Anna and Gunther each die instantly to a direct rocket, which was my choice for killing them.
I've just finished painstakingly timing this manually since the game is yet another of those "stupid games" that keeps track of time but doesn't display it at the end.
Assuming I didn't screw up (I probably forgot some loading time somewhere) the time is 1:30:16. I'm going to pass my numbers to thrull for him to check over to make sure I didn't miss anything though.
Timing is about finished. There was about a minute of extra load times in the middle that had to be removed from final time.
I think I figured out where most of the time difference comes from between the manual time and the internal clock time (which has me at about 1:23:05 before the final clip). I think the internal clock stops timing during intermission cutscenes - those scenes with the helicopter flying off into the distance and what not. They would probably add up to the five extra minutes that manual timing adds onto the internal clock's time.
However, this doesn't affect time in a competitive sense, because everyone has to watch these cutscenes when running the game - they aren't skippable.
Really man I praise you for even considering of doing a deus ex speed run. I can't even find Tracer wang (Tracer Tong)! so now I just can't be bothered playing it. I was one day watching my bro spend his weekend doing the game, took him something like 40 hours I think, thats pretty much 24/7. So when I was looking through the forums page and saw this topic I nearly died.

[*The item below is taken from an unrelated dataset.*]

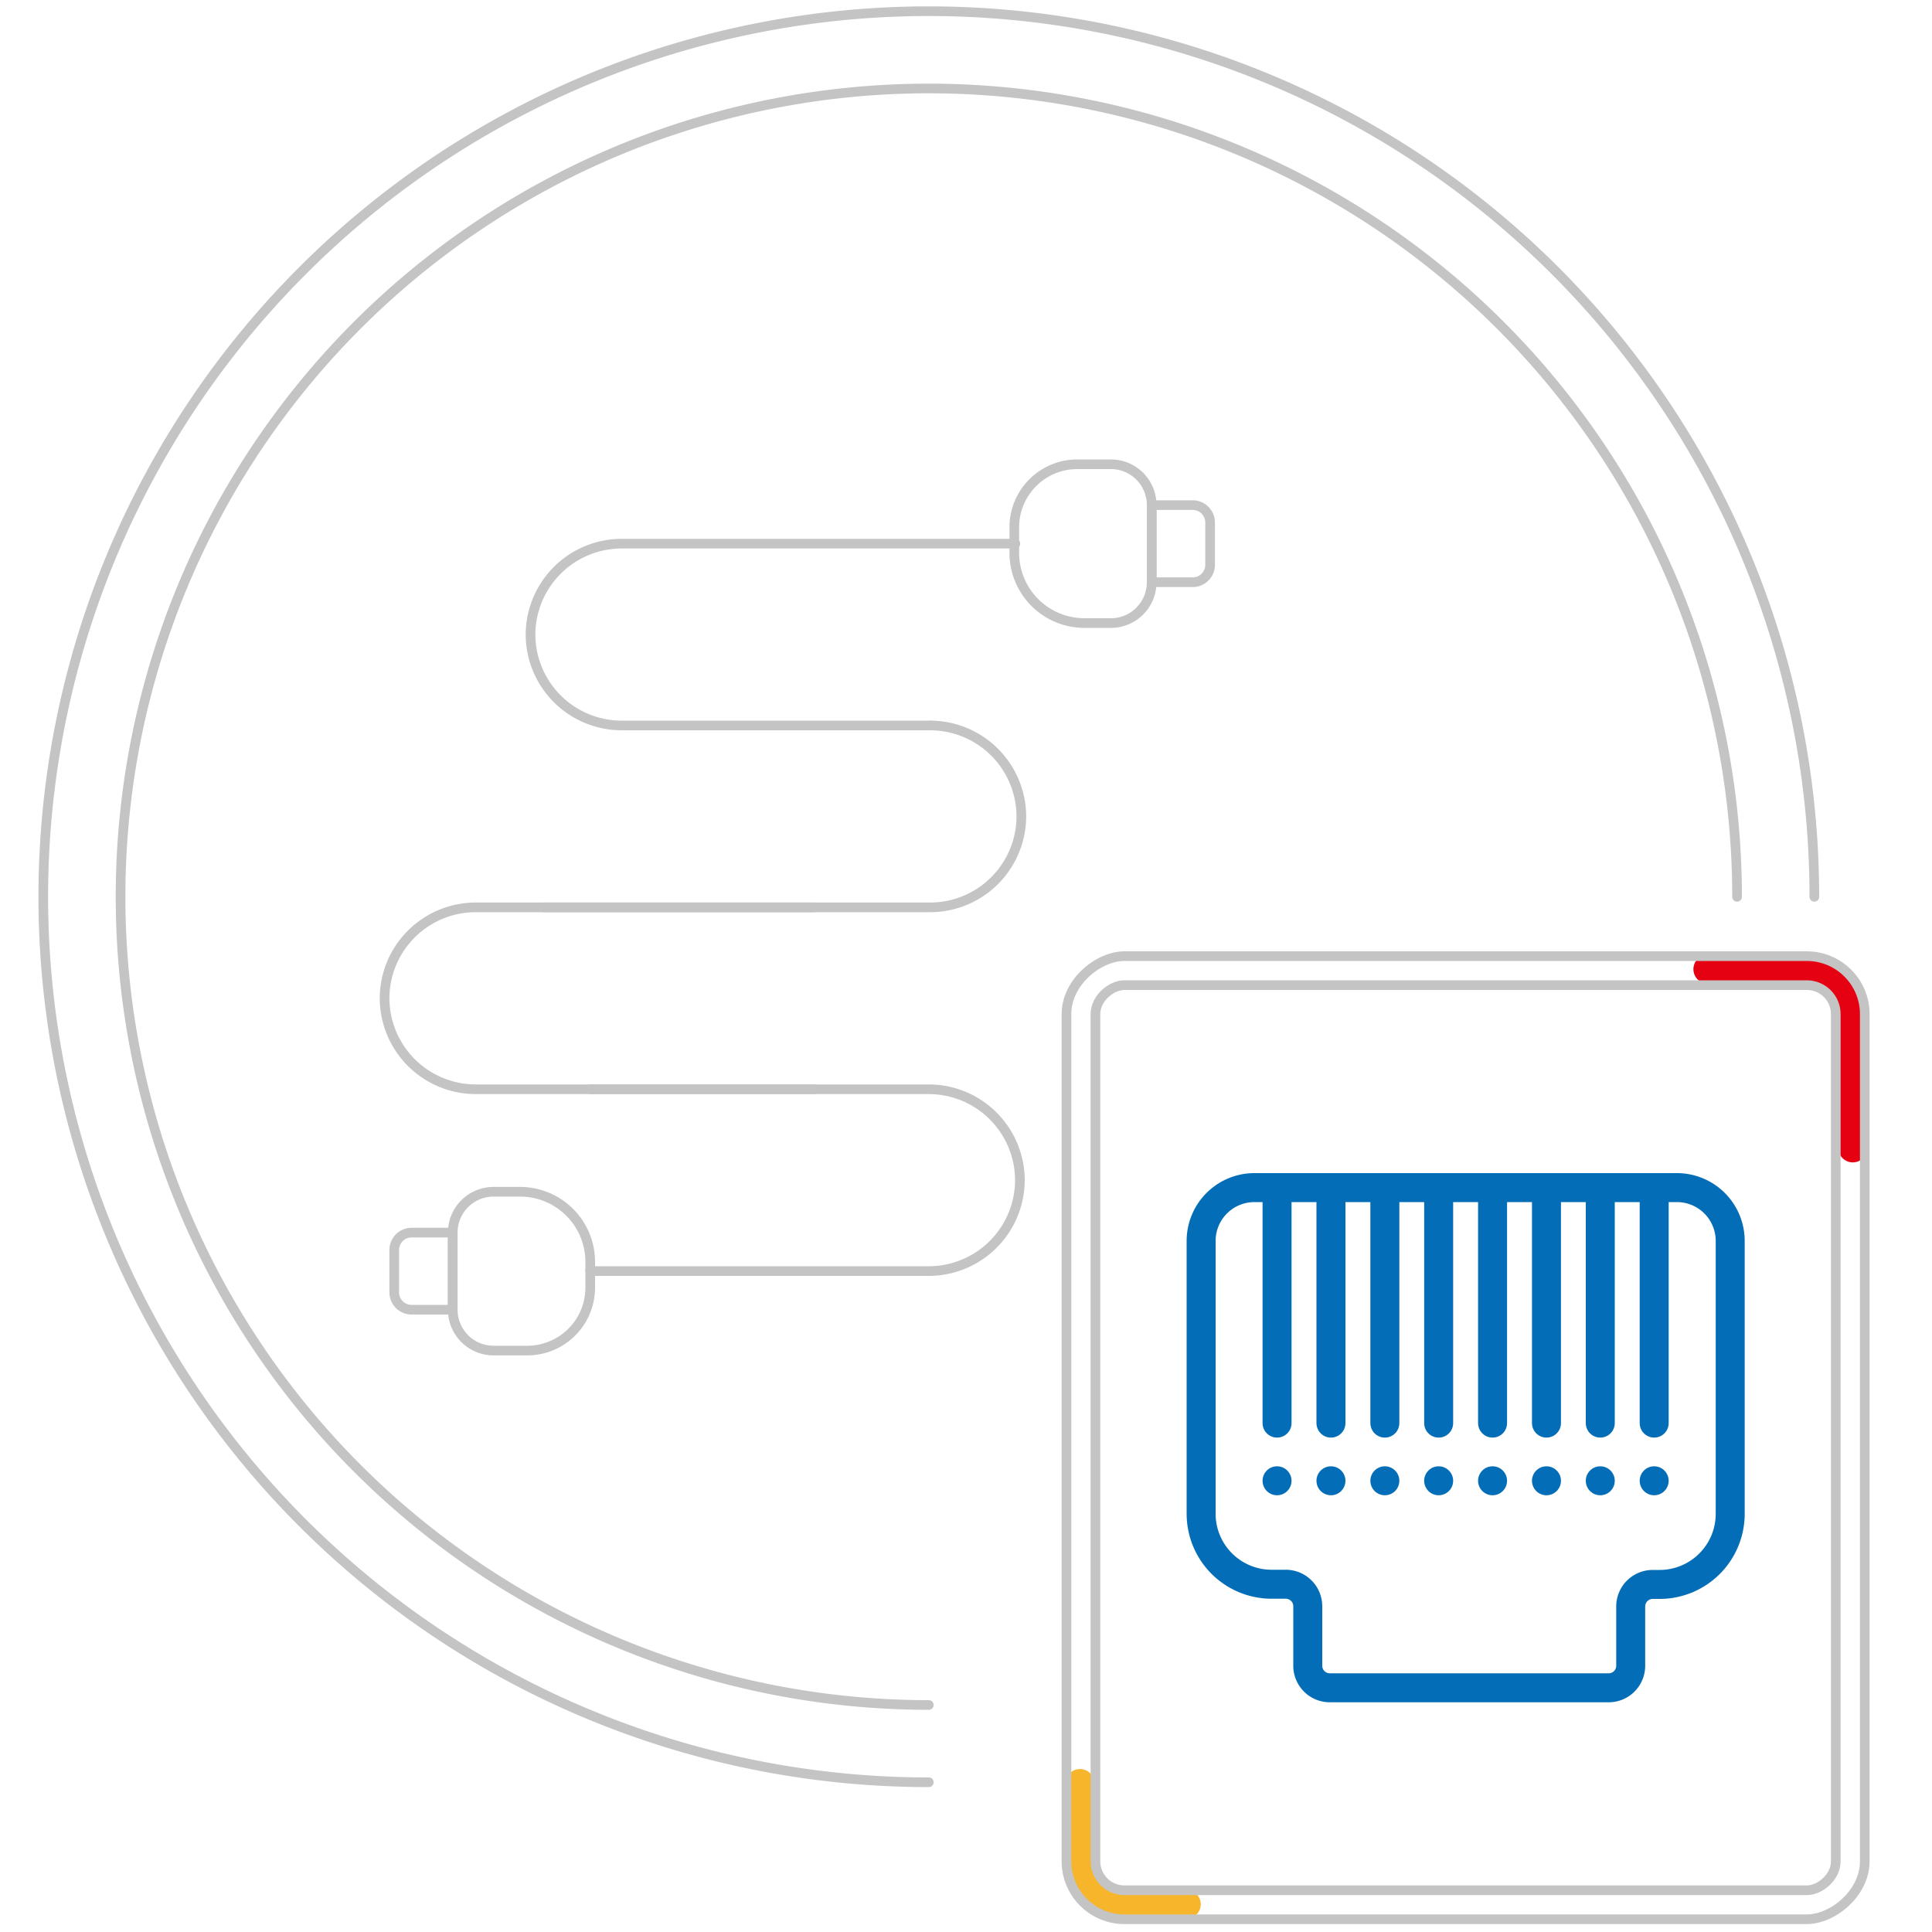 <svg id="图层_1" data-name="图层 1" xmlns="http://www.w3.org/2000/svg" viewBox="0 0 200 200"><defs><style>.cls-1,.cls-2,.cls-3,.cls-4{fill:none;stroke-linecap:round;stroke-miterlimit:10;}.cls-1{stroke:#c4c4c4;}.cls-2{stroke:#e50012;}.cls-2,.cls-3,.cls-4{stroke-width:3px;}.cls-3{stroke:#f7b52c;}.cls-4{stroke:#036eb7;}.cls-5{fill:#036eb7;}</style></defs><path class="cls-1" d="M187.82,92.84A91.67,91.67,0,1,0,96.15,184.5"/><path class="cls-1" d="M179.82,92.84A83.67,83.67,0,1,0,96.15,176.5"/><path class="cls-2" d="M176.8,100.33h9c3.3,0,6,2,6,6v12.5"/><path class="cls-3" d="M122.8,197.13h-5c-4,0-6-1.8-6-6v-6.5"/><rect class="cls-1" x="101.87" y="107.51" width="99.7" height="82.64" rx="6" transform="translate(300.55 -2.89) rotate(90)"/><rect class="cls-1" x="104.87" y="110.51" width="93.7" height="76.64" rx="3" transform="translate(300.55 -2.89) rotate(90)"/><path class="cls-1" d="M96.33,75.1h-32a9.44,9.44,0,0,1-9.41-9.41h0a9.44,9.44,0,0,1,9.41-9.41h40.78"/><path class="cls-1" d="M96.31,75.1a9.45,9.45,0,0,1,9.42,9.42h0a9.45,9.45,0,0,1-9.42,9.41H56.25"/><path class="cls-1" d="M84.28,112.76H49.22a9.45,9.45,0,0,1-9.41-9.42h0a9.44,9.44,0,0,1,9.41-9.41H84.28"/><path class="cls-1" d="M61.1,112.76H96.16a9.44,9.44,0,0,1,9.42,9.41h0a9.44,9.44,0,0,1-9.42,9.41H61.1"/><path class="cls-1" d="M111.51,48.06H115a4.22,4.22,0,0,1,4.22,4.22v8A4.22,4.22,0,0,1,115,64.5h-2.76A7.26,7.26,0,0,1,105,57.24V54.58a6.52,6.52,0,0,1,6.52-6.52Z"/><path class="cls-1" d="M119.22,52.29h4.25a1.8,1.8,0,0,1,1.8,1.8v4.38a1.8,1.8,0,0,1-1.8,1.8h-4.25a0,0,0,0,1,0,0v-8a0,0,0,0,1,0,0Z"/><path class="cls-1" d="M53.38,123.36h3.49a4.22,4.22,0,0,1,4.22,4.22v8a4.22,4.22,0,0,1-4.22,4.22H54.12a7.26,7.26,0,0,1-7.26-7.26v-2.66a6.52,6.52,0,0,1,6.52-6.52Z" transform="translate(107.96 263.17) rotate(180)"/><path class="cls-1" d="M40.8,127.59h4.25a1.8,1.8,0,0,1,1.8,1.8v4.38a1.8,1.8,0,0,1-1.8,1.8H40.8a0,0,0,0,1,0,0v-8A0,0,0,0,1,40.8,127.59Z" transform="translate(87.66 263.17) rotate(180)"/><path class="cls-4" d="M179.11,128.46v28.27a7.31,7.31,0,0,1-7.29,7.29h-.74a2.28,2.28,0,0,0-2.27,2.28v6.14a2.28,2.28,0,0,1-2.28,2.28H137.65a2.28,2.28,0,0,1-2.27-2.28V166.3A2.28,2.28,0,0,0,133.1,164h-1.49a7.3,7.3,0,0,1-7.27-7.28V128.46a5.52,5.52,0,0,1,5.51-5.52h43.74A5.52,5.52,0,0,1,179.11,128.46Z"/><line class="cls-4" x1="132.2" y1="123.6" x2="132.2" y2="147.32"/><circle class="cls-5" cx="132.2" cy="153.29" r="1.5"/><line class="cls-4" x1="137.78" y1="123.6" x2="137.78" y2="147.32"/><circle class="cls-5" cx="137.78" cy="153.29" r="1.5"/><line class="cls-4" x1="143.36" y1="123.6" x2="143.36" y2="147.32"/><circle class="cls-5" cx="143.36" cy="153.29" r="1.5"/><line class="cls-4" x1="148.93" y1="123.6" x2="148.93" y2="147.32"/><circle class="cls-5" cx="148.93" cy="153.29" r="1.5"/><line class="cls-4" x1="154.51" y1="123.6" x2="154.51" y2="147.32"/><circle class="cls-5" cx="154.51" cy="153.29" r="1.5"/><line class="cls-4" x1="160.09" y1="123.6" x2="160.09" y2="147.32"/><circle class="cls-5" cx="160.09" cy="153.29" r="1.5"/><line class="cls-4" x1="165.66" y1="123.6" x2="165.66" y2="147.32"/><circle class="cls-5" cx="165.66" cy="153.29" r="1.5"/><line class="cls-4" x1="171.24" y1="123.6" x2="171.24" y2="147.32"/><circle class="cls-5" cx="171.24" cy="153.29" r="1.5"/></svg>

Anyway I have only downloaded one part of paris and once again (nearly died). I just dont understand how you jumped so far on the buildings! My brother then informed me about how it took him hours to pass that section
So I look forward to downloading the other segments
He can jump that far because he gets all sorts of augmentations earlier in the game. That's the beauty of Deus Ex: you can play it like a platformer, or a shooter, or a stealth game, or focus on being good with gadgets, or anything really.
Great speed run you have here, its good to see this game again without having to go through the effort of playing through it all, and in handy bite-size chunks too.
A while ago I started thinking about a Deus Ex run. I even did a quick run of the first level (going through the front doors instead of climbing the crates at the back). But then I started getting caught up on what I now see are the sections you don't even have to do, so I gave up and started on Morrowind instead... Congratulations on persisting through to the end.
Out of interest, how much longer would it have taken to do the other two endings?
When I started the run I figured I would just time all the endings and do the fastest one, but by the time I got to the end of the run (the 2nd time I had to finish each segment after restarting) I was pretty sick of running that area. All the damn aliens and respawning mobs make it a pain. I know Tong's ending where you blow up the reactors would probably have taken a lot longer. However, I have suspicions that Everett's blue fusion hunt ending might be close... but I didn't want to bother finding the reactors and then fumbling around all the monsters trying to find the fastest route to run them. The only speed advantage to the blue fusion ending would be that you don't have to leave that area to complete it, unlike the other two.
I just decided to pick my favourite ending and figured it was about as fast as the blue fusion hunt.
On an unrelated note, can you imagine what a single-segment run of this game would be like on Realistic difficulty? Some of the individual segments took me more than 30 attempts to complete successfully. That would be the ultimate challenge, to get them all right in one go.
Yeah, in my attempts, which were basically single segment (in that I never saved before I died), liberty island was doable, but beyond that I started dying a lot, though I was attempting objectives which your run highlighted as totally unnecessary.